>>>>

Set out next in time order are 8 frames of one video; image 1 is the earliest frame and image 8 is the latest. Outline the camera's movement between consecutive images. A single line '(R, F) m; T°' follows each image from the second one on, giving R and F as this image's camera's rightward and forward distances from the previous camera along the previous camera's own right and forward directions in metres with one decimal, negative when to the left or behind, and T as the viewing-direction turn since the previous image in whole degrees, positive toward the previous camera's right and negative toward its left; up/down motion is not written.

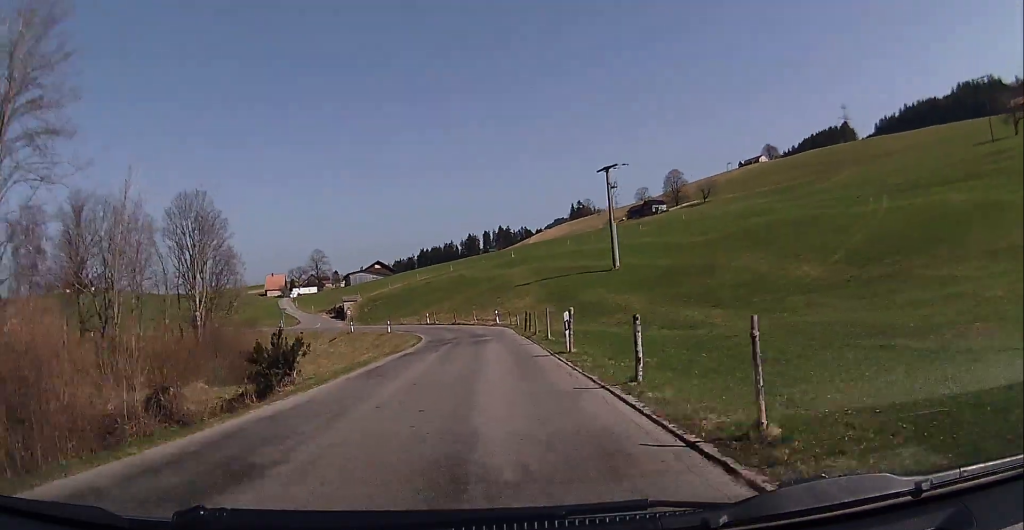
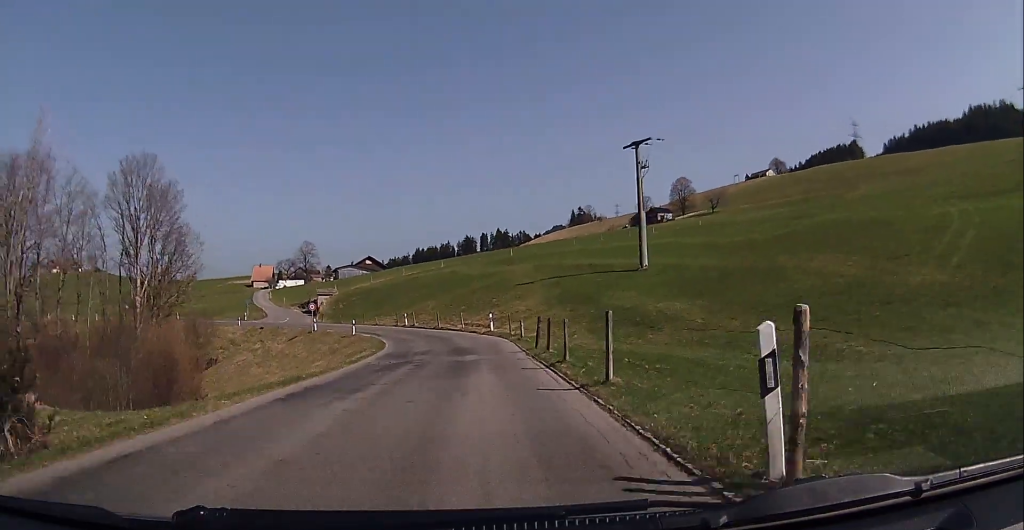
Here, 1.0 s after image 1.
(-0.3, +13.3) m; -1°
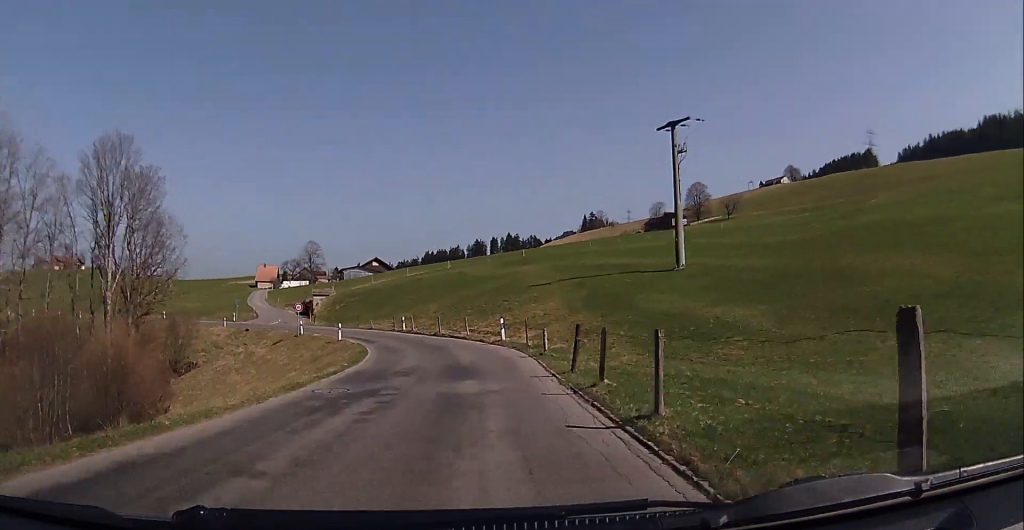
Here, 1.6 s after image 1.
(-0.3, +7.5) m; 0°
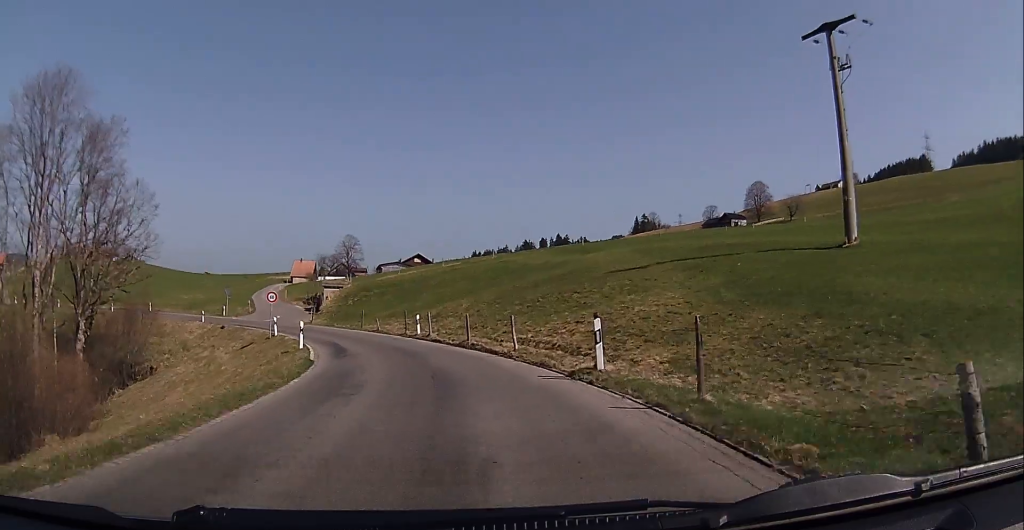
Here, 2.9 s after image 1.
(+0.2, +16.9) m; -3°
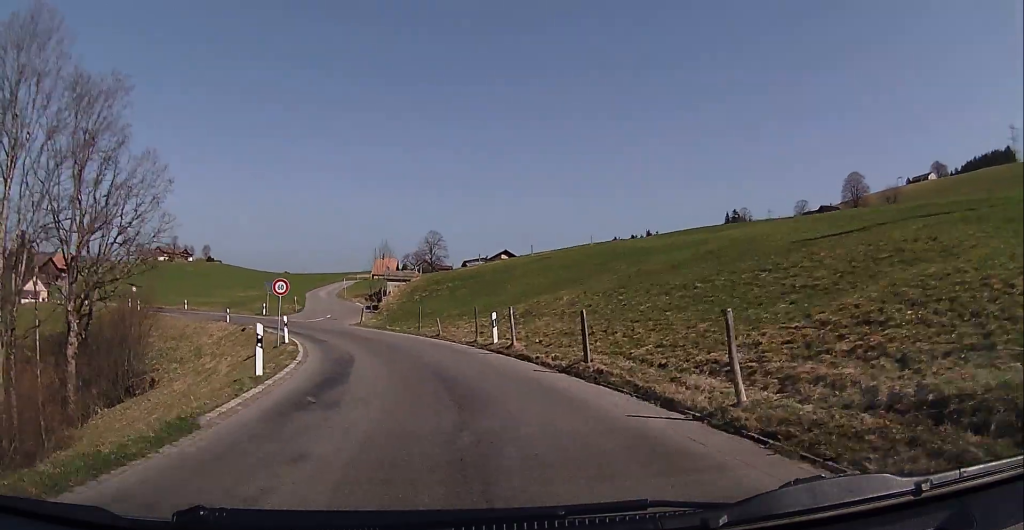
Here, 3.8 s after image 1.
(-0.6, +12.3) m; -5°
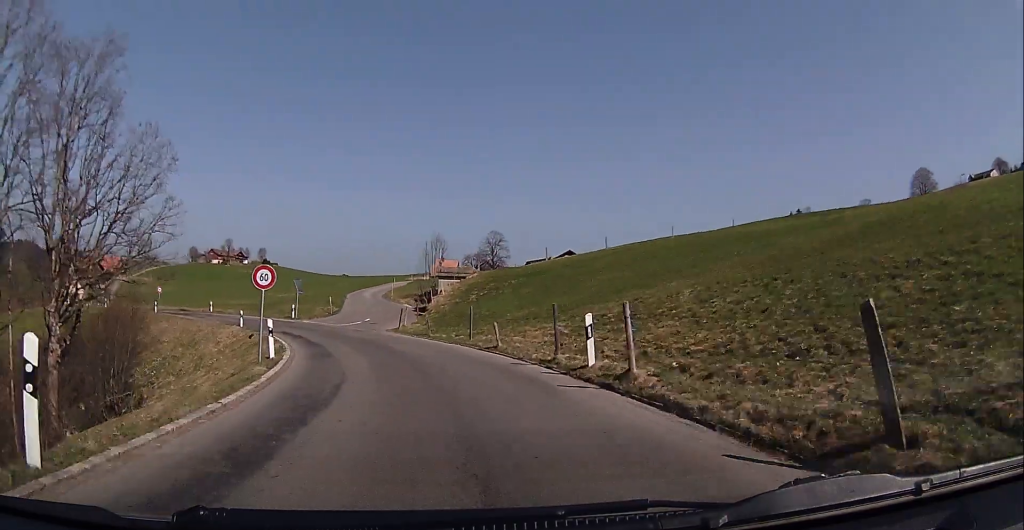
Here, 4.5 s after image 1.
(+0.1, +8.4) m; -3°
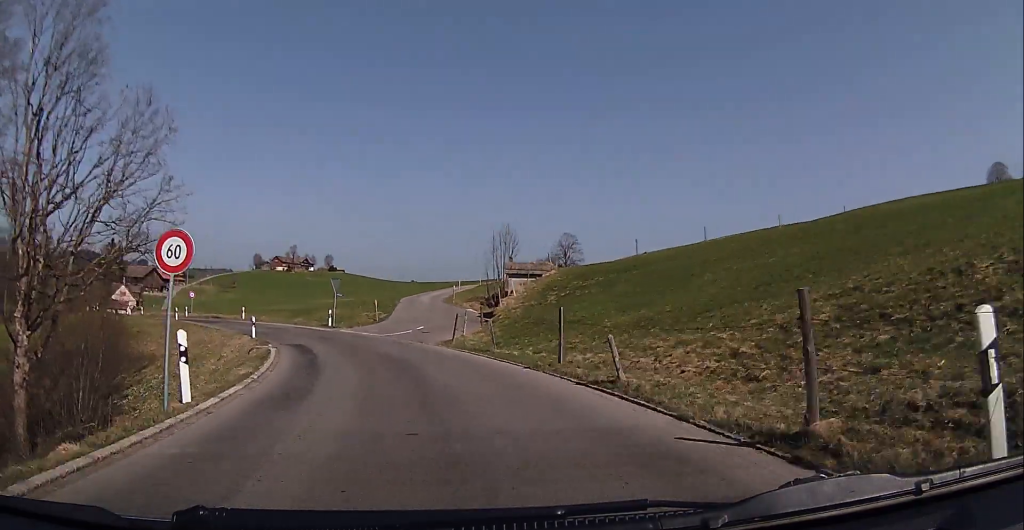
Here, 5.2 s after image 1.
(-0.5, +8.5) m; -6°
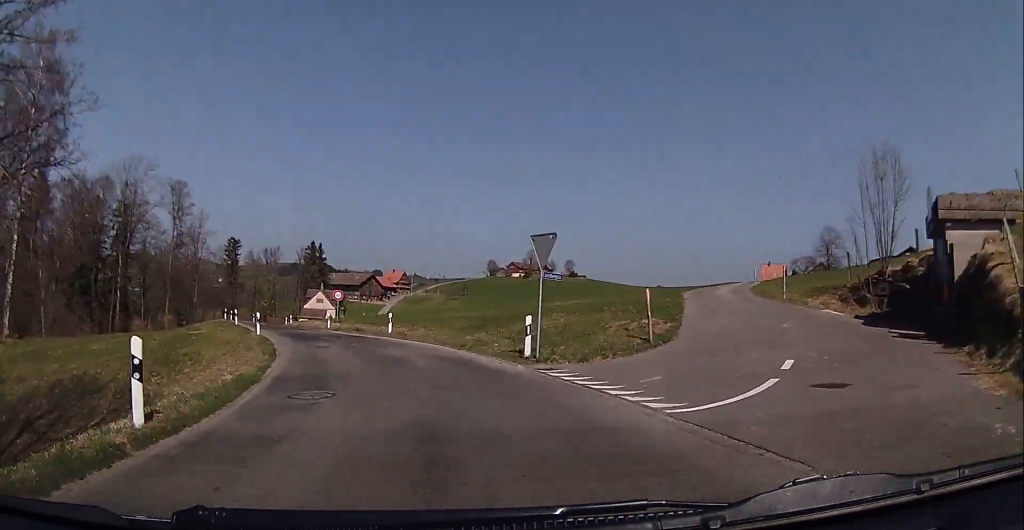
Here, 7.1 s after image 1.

<<<<

> YOUR ASSIGNMENT
From the line holding "Here, 4.5 s after image 1." to the final line of the data above, give each line again exactly, both ends included, and drop the pictures.

> REPLY
Here, 4.5 s after image 1.
(+0.1, +8.4) m; -3°
Here, 5.2 s after image 1.
(-0.5, +8.5) m; -6°
Here, 7.1 s after image 1.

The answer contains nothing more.